Bupati Apresiasi PLN TJB Jepara Salurkan Bantuan 32.600 Paving Faba

palangkanews.co.id | Jepara, 4/3/2021 PLN Unit Induk Pembangkitan Tanjung Jati B (PLN TJB) Jepara kembali salurkan bantuan untuk pembangunan infrastruktur masyarakat melalui program pemanfaatan fly ash dan bottom ash (FABA).

Kali ini PLN TJB Jepara menyumbang 32.600 buah paving untuk renovasi masjid Darul Muttaqin, Desa Kaliaman, Kembang, Jepara. Serah terima secara simbolis dilakukan langsung oleh General Manager PLN TJB Jeapar Rachmat Azwin kepada Ketua Takmir Masjid Sudarlim pada Selasa (2/3/2021).



”Paving ini terbuat dari FABA yang kami proses agar bisa digunakan untuk membangun fasilitas umum. Paving ini lebih kuat dan lebih murah dari pada paving yang di pasaran,” tutur Azwin saat berbincang dengan pengurus masjid.

Azwin juga menjelaskan di tahun ini PLN TJB Jepara telah berhasil menyalurkan 115.778 buah paving dan 82.100 batako dari FABA untuk pembangunan infrastruktur. Setelah tahun lalu membukukan 15.241 paving dan 20.466 batako.

Setelah dikeluarkannya Peraturan Pemerintah Republuk Indonesia Nomor 22 Tahun 2021, Tentang Penyelenggara Perlindungan Dan Pengelolaan Lungkungan Hidup.

Azwin yakin pemanfaatan FABA untuk pembangunan infrastruktur bisa meningkat signifikan. Peraturan Pemerintah tersebut telah mengatur FABA keluar dari daftar bahan berbahaya dan beracun (B3). ”Tentunya FABA bisa dimanfaatkan untuk menggantikan pasir sehingga mengurangi galian C yang merusak lingkungan,” lanjut Azwin.

Azwin berharap pemerintah daerah dan dunia usaha bisa berkolaborasi memanfaatkan FABA untuk membangun infrastruktur daerah.

”Dari kajian yang ada FABA bisa menghemat sekitar 30 persen. Jadi bisa lebih optimal,” tandas Azwin.

Secara terpisah, Bupati Jepara Dian Kristiandi S.Sos.sangat merespon baik dengan potensi pemanfaatan FABA di bidang pembangunan infrastruktur.
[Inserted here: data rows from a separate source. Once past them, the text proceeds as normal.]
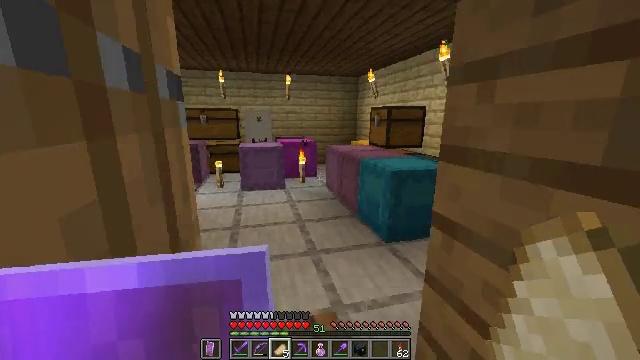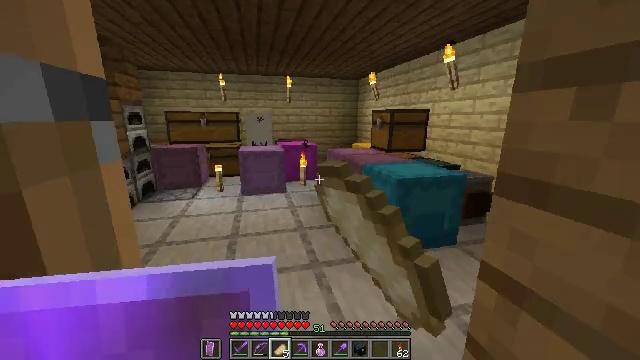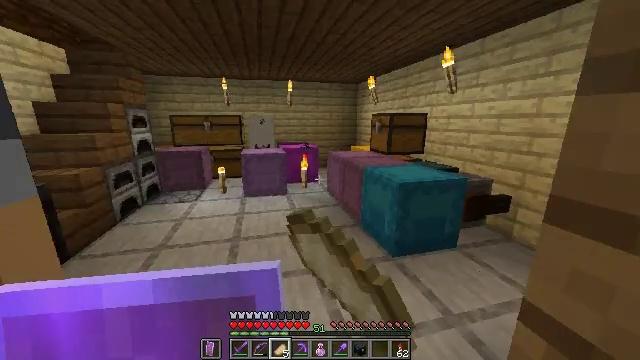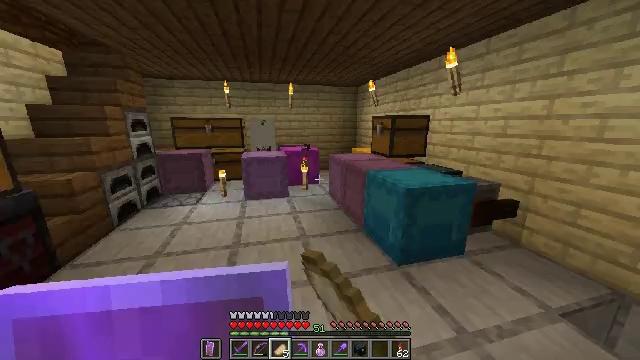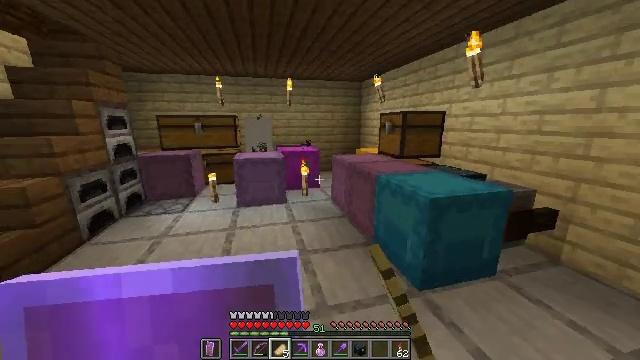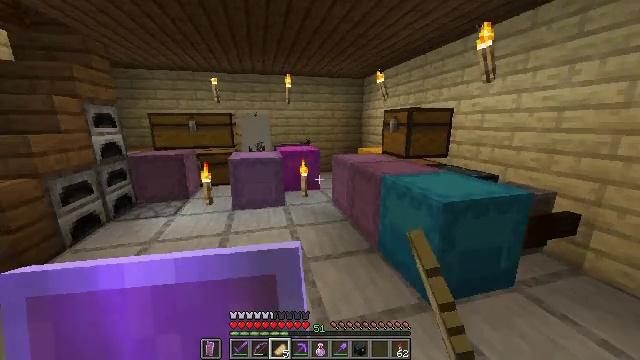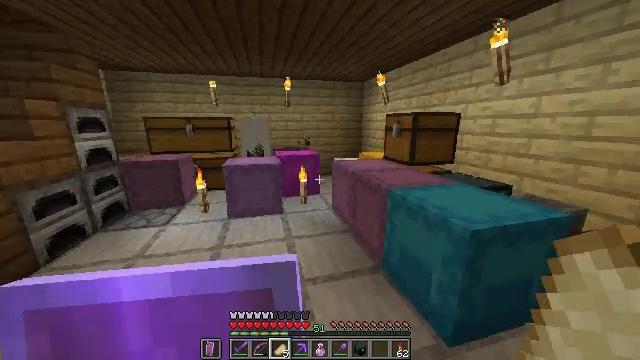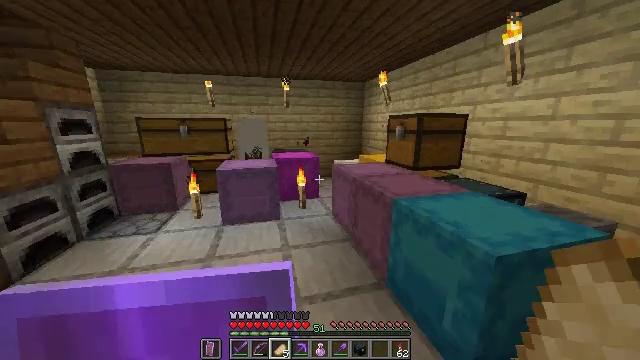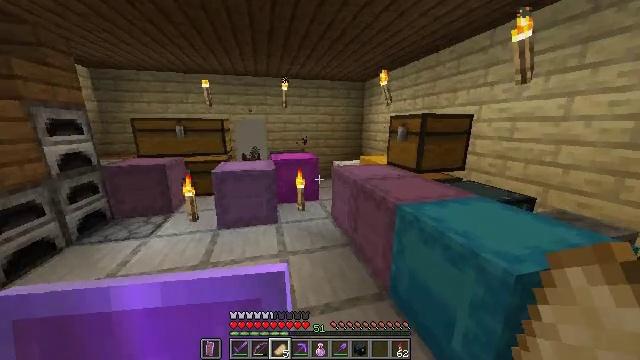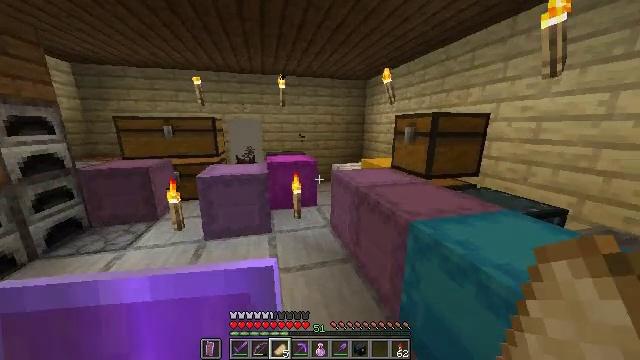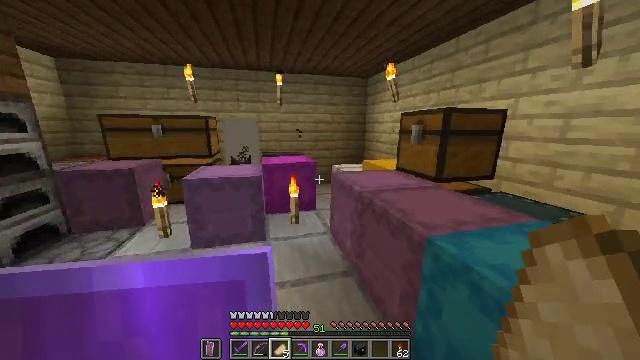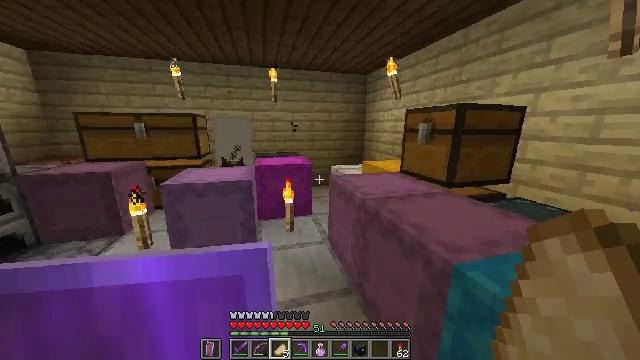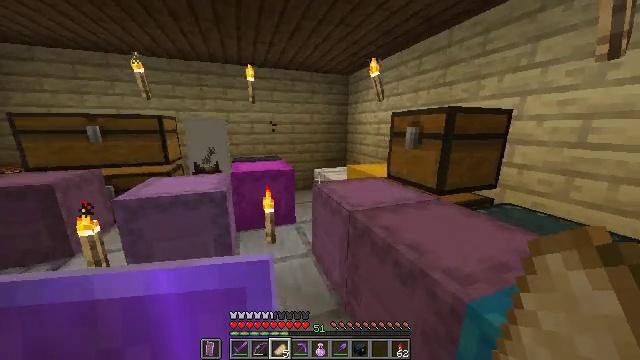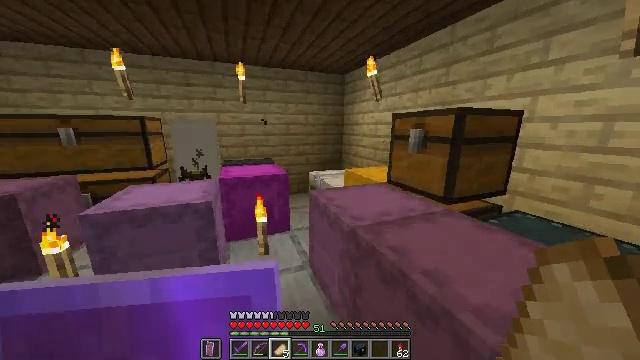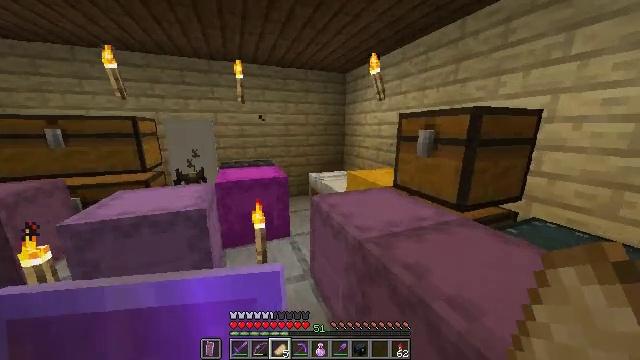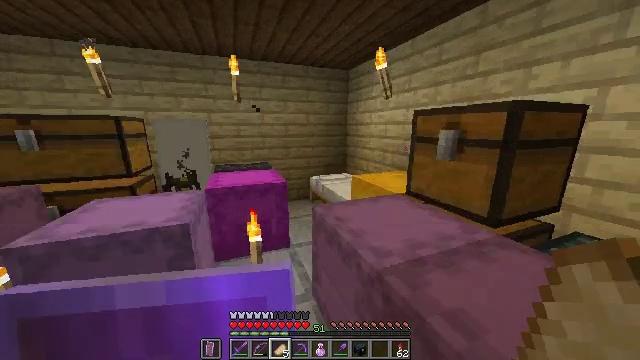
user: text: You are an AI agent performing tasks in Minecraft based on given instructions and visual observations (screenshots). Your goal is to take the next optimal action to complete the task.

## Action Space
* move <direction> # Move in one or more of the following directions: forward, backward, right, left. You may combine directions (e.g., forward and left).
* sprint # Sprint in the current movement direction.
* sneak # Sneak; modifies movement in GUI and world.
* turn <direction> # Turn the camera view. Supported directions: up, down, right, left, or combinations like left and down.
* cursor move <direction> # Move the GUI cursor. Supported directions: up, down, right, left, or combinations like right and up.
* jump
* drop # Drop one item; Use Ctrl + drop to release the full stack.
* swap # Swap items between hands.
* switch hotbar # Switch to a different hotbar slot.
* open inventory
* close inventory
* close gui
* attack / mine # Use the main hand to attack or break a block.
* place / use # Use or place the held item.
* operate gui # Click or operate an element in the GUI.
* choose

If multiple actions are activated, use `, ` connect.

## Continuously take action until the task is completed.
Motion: motion action
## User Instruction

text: Harvest grass block to clear the area.
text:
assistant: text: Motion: move forward, sprint, use / place
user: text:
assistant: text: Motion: move forward, sprint, use / place
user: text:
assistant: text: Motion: move forward, sprint
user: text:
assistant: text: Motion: move forward, sprint
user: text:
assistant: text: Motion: move forward, sprint
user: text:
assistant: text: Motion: move forward, sprint
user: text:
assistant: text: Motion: move forward, sprint
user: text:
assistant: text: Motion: move forward, sprint
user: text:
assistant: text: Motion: move forward, sprint
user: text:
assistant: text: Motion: move forward, sprint
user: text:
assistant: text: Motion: move forward, sprint
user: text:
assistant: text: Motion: move forward, sprint, turn right
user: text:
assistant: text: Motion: move forward, turn right
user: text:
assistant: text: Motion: move forward
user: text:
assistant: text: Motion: move forward
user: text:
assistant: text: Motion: move forward
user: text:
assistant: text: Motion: move forward, turn right and down
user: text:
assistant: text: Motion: move forward, turn right and down
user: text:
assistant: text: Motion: move forward
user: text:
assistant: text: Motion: no_op
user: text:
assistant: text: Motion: use / place
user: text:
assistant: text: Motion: use / place
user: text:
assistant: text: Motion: turn right, use / place
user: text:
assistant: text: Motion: no_op
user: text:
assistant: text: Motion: no_op
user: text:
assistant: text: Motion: no_op
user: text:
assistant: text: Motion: no_op
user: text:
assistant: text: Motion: no_op
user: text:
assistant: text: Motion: no_op
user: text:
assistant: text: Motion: no_op

Di mana pemerintah kabupaten Jepara masih gencar menjalankan program pembangunan jalan maupun rumah tidak layak huni. ”Mana yang lebih bisa memberi manfaat pemerintah akan mengambil langkah,” imbuhnya.

Mas andi sapaan akrabnya akan mendorong pemanfaatan FABA jika dalam kajian laboratorium bisa digunakan. Mengingat tidak lagi masuk dalam daftar limbah B3. Pihaknya tidak menutup kemungkinan untuk memanfaatkan FABA dalam pembanguan insfrastruktur di Kabupaten Jepara.

”Apakah itu harus dengan proses perijinan dan segala macam. Atau seperti apa belum melihat secara rinci. Tapi prinsipnya jika bisa digunakan secara umum sepeti barang lain yang non B3 tentu akan kita manfaatkan,” tutur mas andi.